To determine whether miR-29c regulated hippocampal neuron proliferation, an MTT assay was performed by transfecting either pre-miR-29c or anti-miR-29c into the primary cultured hippocampal cells. Pre-miR-29c transfection exhibited a significant promotion of cell proliferation, compared with the control cells, whereas transfection with anti-miR-29c led to a significant inhibition on cell proliferation (Fig. 3A). To further investigate the molecular mechanism underlying miR-29c induction on cell growth, the expression levels of molecules associated with PKA signaling were detected. As shown in Fig. 3B, the protein expression of PKA was increased by the upregulation of miR-29c and decreased by the downregulation of miR-29c. Additionally, the expression of pCREB was induced significantly following transfection with pre-miR-29c, and was reduced following transfection with anti-miR-29c (Fig. 3C). These results suggested that miR-29c promoted hippocampal neuron cell proliferation by activating PKA signaling.

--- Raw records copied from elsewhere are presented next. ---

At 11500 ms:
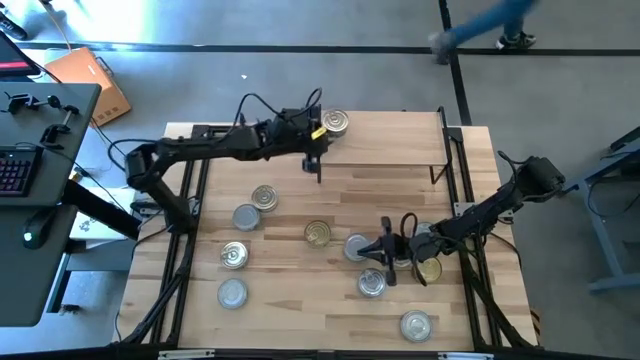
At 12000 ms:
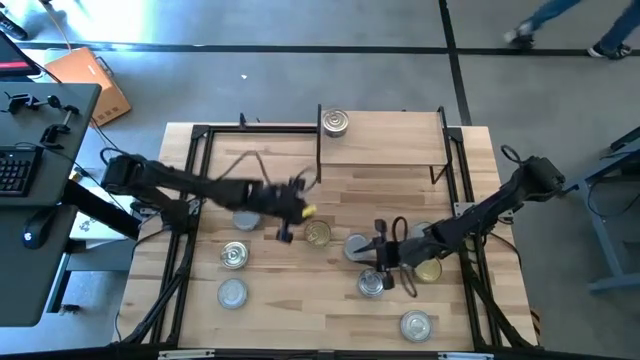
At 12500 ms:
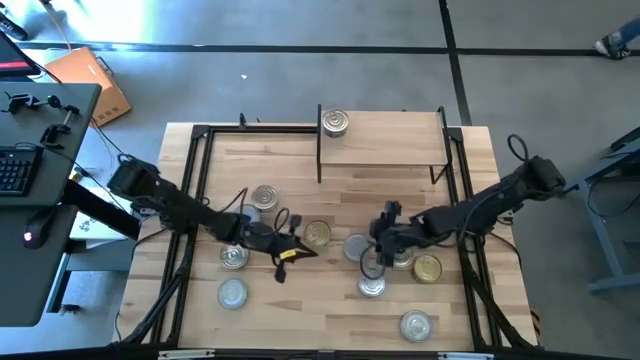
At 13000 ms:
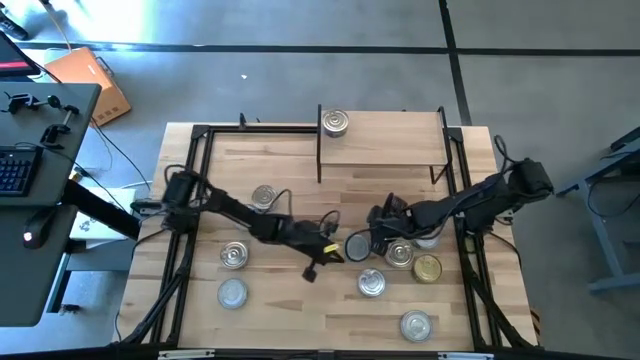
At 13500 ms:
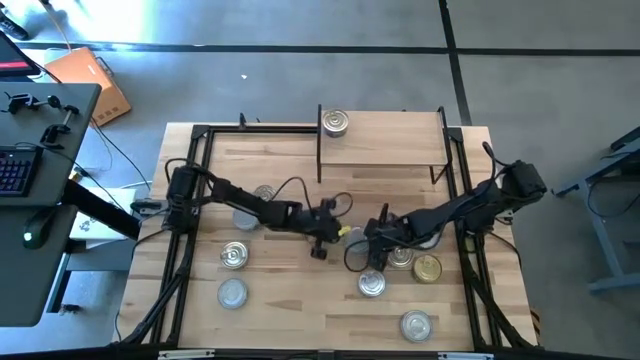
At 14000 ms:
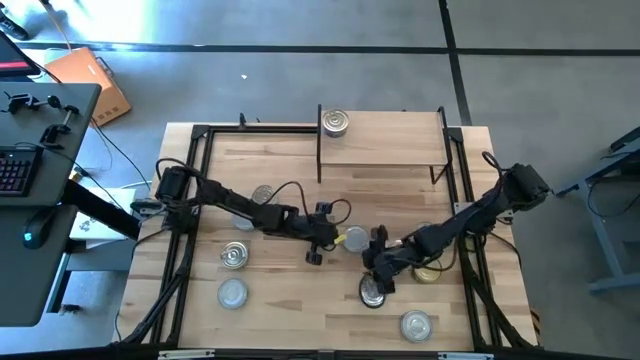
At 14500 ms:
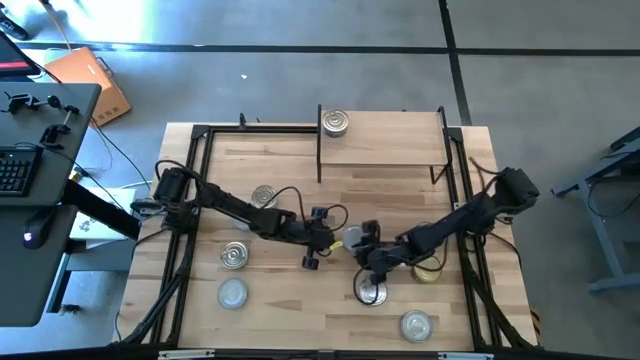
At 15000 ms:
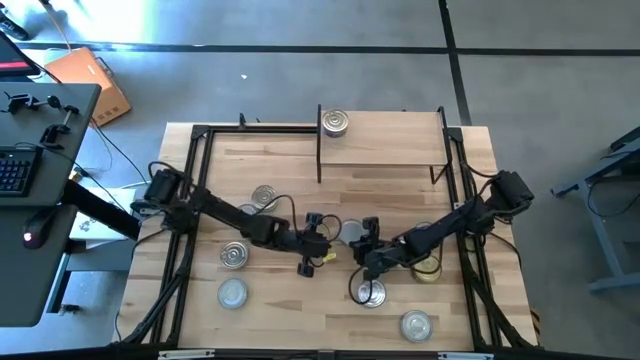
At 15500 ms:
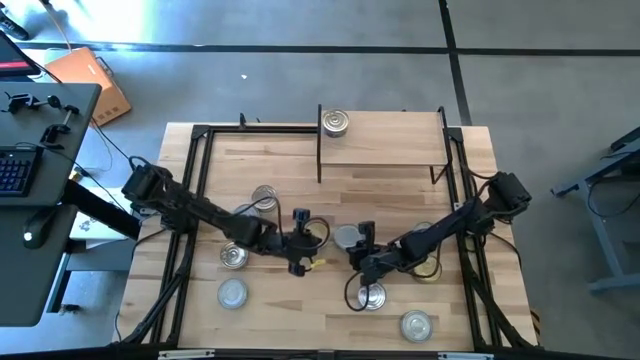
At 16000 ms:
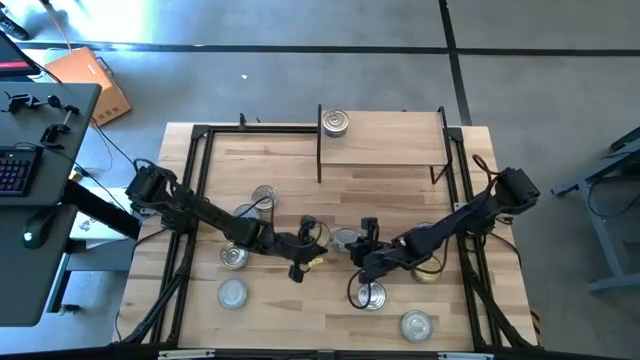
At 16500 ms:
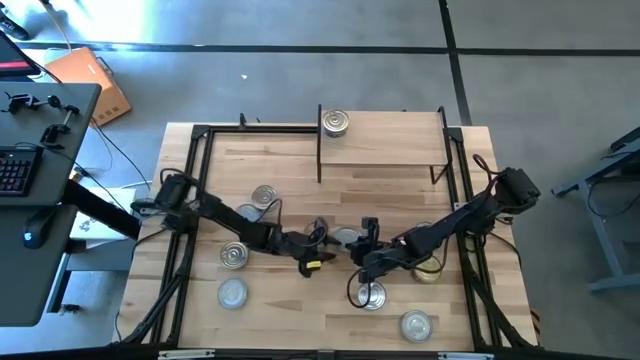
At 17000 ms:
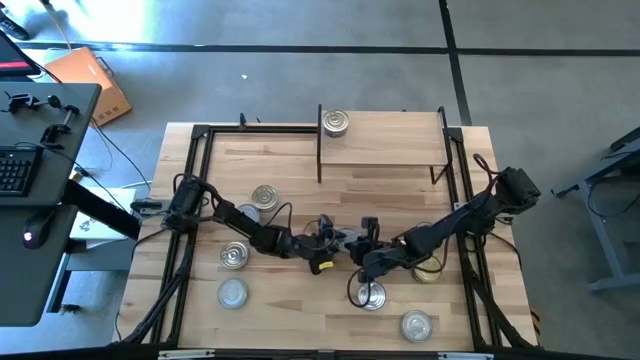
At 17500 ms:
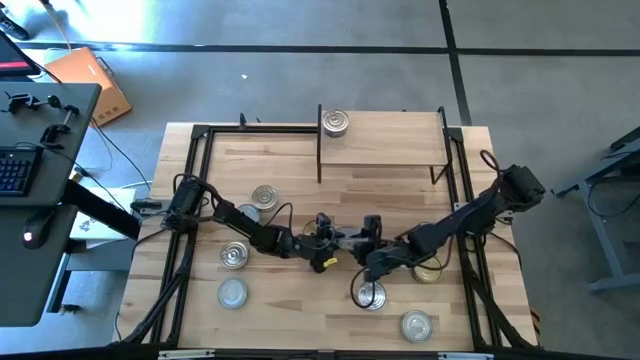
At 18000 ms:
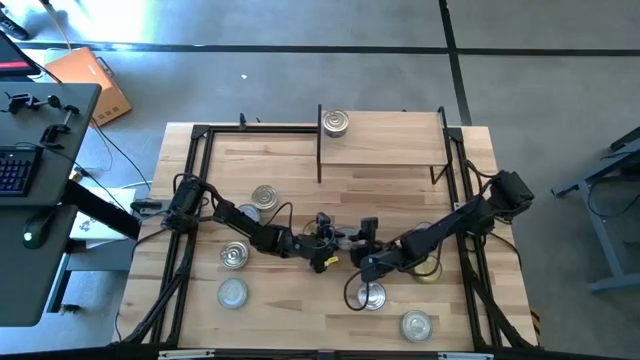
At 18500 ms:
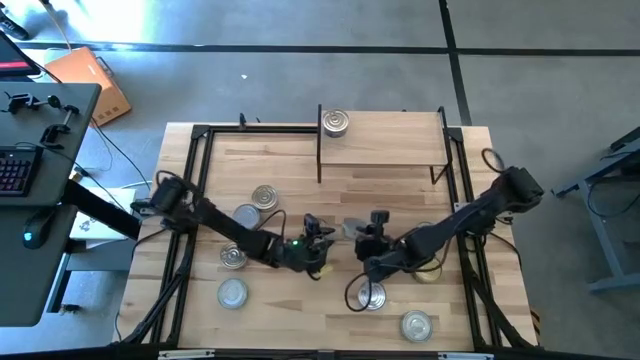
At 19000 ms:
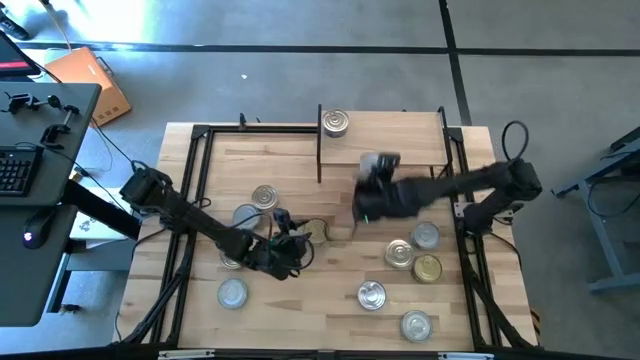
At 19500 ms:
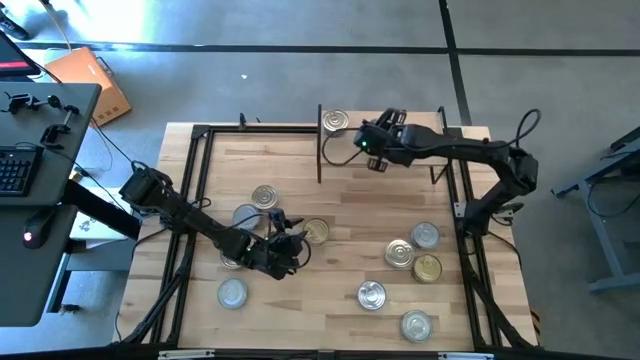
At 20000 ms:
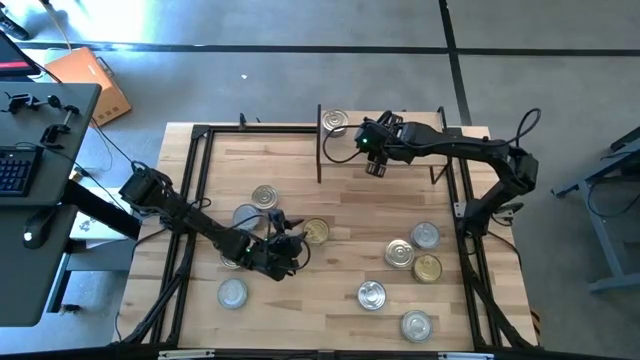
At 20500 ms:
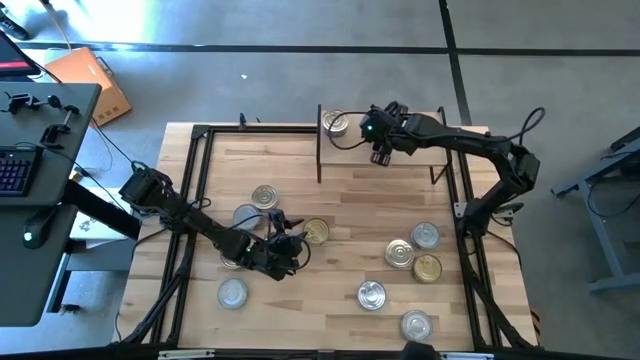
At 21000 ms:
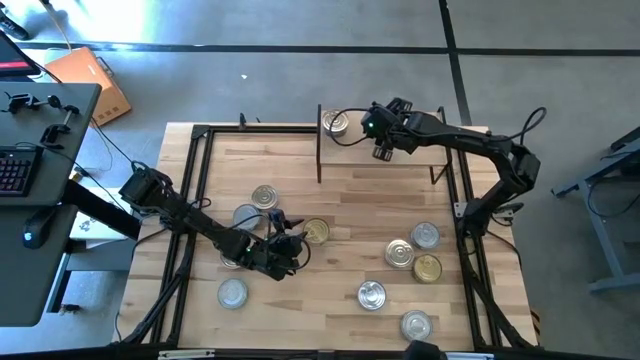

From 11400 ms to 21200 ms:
Task: Stack canned seafood by type on shelf
Put the white green tuna can on the shelf

The present study subsequently examined the effects of miR-29c in vivo, by injecting miR-29c mimics into the hippocampi of SAMP8 mice. The expression levels of miR-29c in the SAMP8 mice were significantly lower compared with those in the SAMR1 mice. When the miR-29c mimic was injected into the hippocampi of SAMP8 mice, the expression of miR-29c was significantly increased compared with the vehicle-injected control mice (Fig. 4A). Similar to the effects in vitro, the upregulation of miR-29c significantly decreased the protein expression levels of BACE1 and Aβ in vivo (Fig. 4B and C). The present study also examined the learning and memory behaviors of the SAMP8 mice 2 months following transfection with miR-29c. As shown in Fig. 4D, overexpression of miR-29c in the hippocampus promoted the learning and memory behaviors of the SAMP8 mice. Furthermore, PAK signaling was also examined, and the protein expression levels of PKA and pCREB were induced significantly by the upregulation of miR-29c (Fig. 4E and F).